Continual Learning (CL) Catastrophic Forgetting
Catastrophic forgetting is inevitable for sequential state-based learners due to information bottlenecks, but can be eliminated by architectures with a high-capacity context channel (HyperNetworks) that regenerate parameters per task.
Core Problem
Sequential learning methods (like EWC or SI) inevitably overwrite past knowledge because they treat parameters as a single finite state that must satisfy all tasks simultaneously, creating an information bottleneck.
Why it matters:
  • Standard regularization methods (EWC, SI) fail catastrophically on simple benchmarks (Split-MNIST accuracy ~19%) despite theoretical claims
  • There is an 80-percentage-point performance gap between regularization methods and generation methods (HyperNetworks) that lacks a unified theoretical explanation
  • Current architectures often include context mechanisms that are structurally bypassed (ignored) by the optimizer, leading to 'silent' forgetting
Concrete Example: On Split-MNIST, EWC (Elastic Weight Consolidation) tries to protect important weights but achieves only 18.9% accuracy (barely above chance), effectively forgetting previous digits.
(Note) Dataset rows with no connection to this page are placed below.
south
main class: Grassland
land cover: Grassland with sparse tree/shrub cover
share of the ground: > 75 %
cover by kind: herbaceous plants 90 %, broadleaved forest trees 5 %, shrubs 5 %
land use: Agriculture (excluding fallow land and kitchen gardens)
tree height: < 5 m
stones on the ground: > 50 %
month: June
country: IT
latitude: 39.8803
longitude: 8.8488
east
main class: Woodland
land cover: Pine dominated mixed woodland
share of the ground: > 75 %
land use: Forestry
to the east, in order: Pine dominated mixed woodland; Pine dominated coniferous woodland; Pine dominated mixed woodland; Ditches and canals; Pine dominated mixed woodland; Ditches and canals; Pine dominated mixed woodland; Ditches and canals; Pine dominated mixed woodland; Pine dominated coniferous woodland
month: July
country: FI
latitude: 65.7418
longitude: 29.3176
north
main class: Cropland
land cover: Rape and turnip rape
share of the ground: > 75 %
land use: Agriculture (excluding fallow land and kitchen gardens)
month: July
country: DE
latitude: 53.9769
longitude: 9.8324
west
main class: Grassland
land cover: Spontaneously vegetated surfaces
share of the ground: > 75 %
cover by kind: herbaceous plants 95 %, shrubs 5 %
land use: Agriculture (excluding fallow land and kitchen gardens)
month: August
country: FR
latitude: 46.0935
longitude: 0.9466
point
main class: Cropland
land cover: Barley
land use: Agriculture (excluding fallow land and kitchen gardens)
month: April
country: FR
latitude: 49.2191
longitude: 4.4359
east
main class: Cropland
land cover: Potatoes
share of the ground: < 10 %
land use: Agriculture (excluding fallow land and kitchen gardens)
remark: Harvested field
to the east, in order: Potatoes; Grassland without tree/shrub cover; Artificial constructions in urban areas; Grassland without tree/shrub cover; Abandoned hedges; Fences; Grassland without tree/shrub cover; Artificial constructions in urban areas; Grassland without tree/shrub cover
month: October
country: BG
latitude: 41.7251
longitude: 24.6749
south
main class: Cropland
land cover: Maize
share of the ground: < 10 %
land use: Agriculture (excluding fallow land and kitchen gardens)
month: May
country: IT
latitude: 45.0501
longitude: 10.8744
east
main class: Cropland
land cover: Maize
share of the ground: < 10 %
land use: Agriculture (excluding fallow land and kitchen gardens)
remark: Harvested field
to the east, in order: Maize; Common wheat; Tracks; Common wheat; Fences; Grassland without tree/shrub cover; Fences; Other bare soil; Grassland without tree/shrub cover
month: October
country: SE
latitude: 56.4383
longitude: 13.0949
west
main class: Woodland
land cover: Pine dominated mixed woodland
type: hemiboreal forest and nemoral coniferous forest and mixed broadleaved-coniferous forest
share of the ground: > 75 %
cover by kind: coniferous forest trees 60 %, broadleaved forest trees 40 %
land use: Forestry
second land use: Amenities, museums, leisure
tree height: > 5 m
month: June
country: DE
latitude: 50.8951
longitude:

In contrast, a HyperNetwork with fewer parameters achieves 98.8% accuracy by generating a fresh set of weights for each digit task based on a context signal.
Key Novelty
Context Channel Capacity ($C_{ctx}$) as the predictor of forgetting
  • Introduces $C_{ctx}$, the mutual information between an architecture's context signal and its generated parameters, proving that zero forgetting requires $C_{ctx} \geq$ Task Entropy
  • Establishes an 'Impossibility Triangle': Zero forgetting, online learning, and finite parameters cannot coexist for sequential state-based learners (Paradigm A)
  • Demonstrates that HyperNetworks (Paradigm C) bypass this triangle by treating parameters as function values generated from context rather than maintained state
Evaluation Highlights
  • HyperNetworks ($C_{ctx} \approx 1$) achieve 98.8% accuracy on Split-MNIST with ~0% forgetting, while EWC ($C_{ctx} = 0$) stays at 18.9% accuracy with ~97% forgetting
  • The proposed 'Wrong-Context Probing' (P5) reveals that CFlow (neural ODE method) has a P5 delta of 0.0, proving it ignores its context input despite high theoretical capacity
  • Gradient Context Encoder for CIFAR-10 closes the gap between task-incremental and class-incremental learning from 23.3pp down to 0.7pp
Breakthrough Assessment
9/10
Provides a unifying information-theoretic proof explaining why widespread methods (EWC/SI) fail and others succeed. The 'Impossibility Triangle' and $C_{ctx}$ metric offer a rigorous theoretical foundation that has been missing in Continual Learning.